Open Source and Passive Information Gathering
As far as intelligence gathering goes, open source or passive information gathering is the least aggressive. Basically the process relies on obtaining information from those sources that are typically publicly available and out in the open. Potential sources include newspapers, websites, discussion groups, press releases, television, social networking, blogs, and innumerable other sources.
With a skilled and careful hand, it is more than possible to gather operating system and network information, public IP addresses, web server information, and TCP and UDP data sources, just to name a few.
Active Information Gathering
Active information gathering involves engagement with the target through techniques such as social engineering. Attackers tend to focus their efforts on the “soft target,” which tends to be human beings. A savvy attacker engages employees under different guises under various pretenses with the goal of socially engineering an individual to reveal information.

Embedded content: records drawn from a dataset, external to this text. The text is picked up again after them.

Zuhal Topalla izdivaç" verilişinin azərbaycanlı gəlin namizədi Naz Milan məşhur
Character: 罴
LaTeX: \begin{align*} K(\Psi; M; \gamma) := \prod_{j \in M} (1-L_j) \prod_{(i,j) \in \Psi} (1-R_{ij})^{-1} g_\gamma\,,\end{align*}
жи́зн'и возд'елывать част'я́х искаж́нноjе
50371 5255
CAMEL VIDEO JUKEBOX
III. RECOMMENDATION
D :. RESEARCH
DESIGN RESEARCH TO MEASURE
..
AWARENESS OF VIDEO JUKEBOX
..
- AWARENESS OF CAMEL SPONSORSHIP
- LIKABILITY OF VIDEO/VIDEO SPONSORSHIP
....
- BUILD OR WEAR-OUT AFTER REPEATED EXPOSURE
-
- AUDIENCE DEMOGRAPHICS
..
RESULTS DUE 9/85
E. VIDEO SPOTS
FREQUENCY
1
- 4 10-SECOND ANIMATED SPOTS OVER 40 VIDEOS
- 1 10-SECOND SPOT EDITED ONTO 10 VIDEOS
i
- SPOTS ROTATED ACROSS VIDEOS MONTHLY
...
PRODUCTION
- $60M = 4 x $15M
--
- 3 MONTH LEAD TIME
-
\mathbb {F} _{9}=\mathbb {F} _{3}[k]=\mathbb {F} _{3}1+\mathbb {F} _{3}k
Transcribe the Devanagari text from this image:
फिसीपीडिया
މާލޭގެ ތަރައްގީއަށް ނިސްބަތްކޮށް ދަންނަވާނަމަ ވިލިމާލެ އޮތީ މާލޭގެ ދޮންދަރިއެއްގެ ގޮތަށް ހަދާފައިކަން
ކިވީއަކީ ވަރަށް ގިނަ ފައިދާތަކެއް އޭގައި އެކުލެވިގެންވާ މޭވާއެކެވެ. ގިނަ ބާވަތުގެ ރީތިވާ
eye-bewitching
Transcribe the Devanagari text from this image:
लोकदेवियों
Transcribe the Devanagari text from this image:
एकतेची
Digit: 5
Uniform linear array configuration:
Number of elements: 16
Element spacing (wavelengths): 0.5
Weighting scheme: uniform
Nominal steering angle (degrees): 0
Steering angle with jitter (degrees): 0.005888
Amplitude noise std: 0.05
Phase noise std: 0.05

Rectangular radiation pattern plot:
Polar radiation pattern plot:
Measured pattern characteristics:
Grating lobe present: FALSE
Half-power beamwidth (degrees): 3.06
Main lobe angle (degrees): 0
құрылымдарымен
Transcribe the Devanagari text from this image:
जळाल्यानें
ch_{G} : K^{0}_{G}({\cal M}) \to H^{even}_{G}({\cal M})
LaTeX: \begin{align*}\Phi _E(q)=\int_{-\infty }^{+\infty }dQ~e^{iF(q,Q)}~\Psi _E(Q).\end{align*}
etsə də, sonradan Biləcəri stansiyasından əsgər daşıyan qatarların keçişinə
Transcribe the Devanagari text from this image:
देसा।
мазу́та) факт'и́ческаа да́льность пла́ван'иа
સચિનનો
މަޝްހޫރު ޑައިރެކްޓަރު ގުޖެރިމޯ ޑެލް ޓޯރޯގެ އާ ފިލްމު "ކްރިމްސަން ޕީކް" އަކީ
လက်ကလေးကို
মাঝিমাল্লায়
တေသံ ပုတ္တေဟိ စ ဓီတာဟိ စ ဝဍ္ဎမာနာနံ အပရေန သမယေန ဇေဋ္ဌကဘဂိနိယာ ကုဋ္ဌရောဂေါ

Pseudonymous involves gathering information from online sources that are posted by someone from the target but under a different name or in some cases a pen name. In essence the information is not posted under a real name or anonymously; it is posted under an assumed name with the intention that it will not be traced to the actual source.
A pretty straightforward method of gaining information is to just use the Internet. I’m talking about using techniques such as Google hacking (which uses Google Search and other Google apps to identify security holes in websites’ configuration and computer code) and other methods to find out what your target wants to hide (or doesn’t know is public information) that a malicious party can easily obtain and use.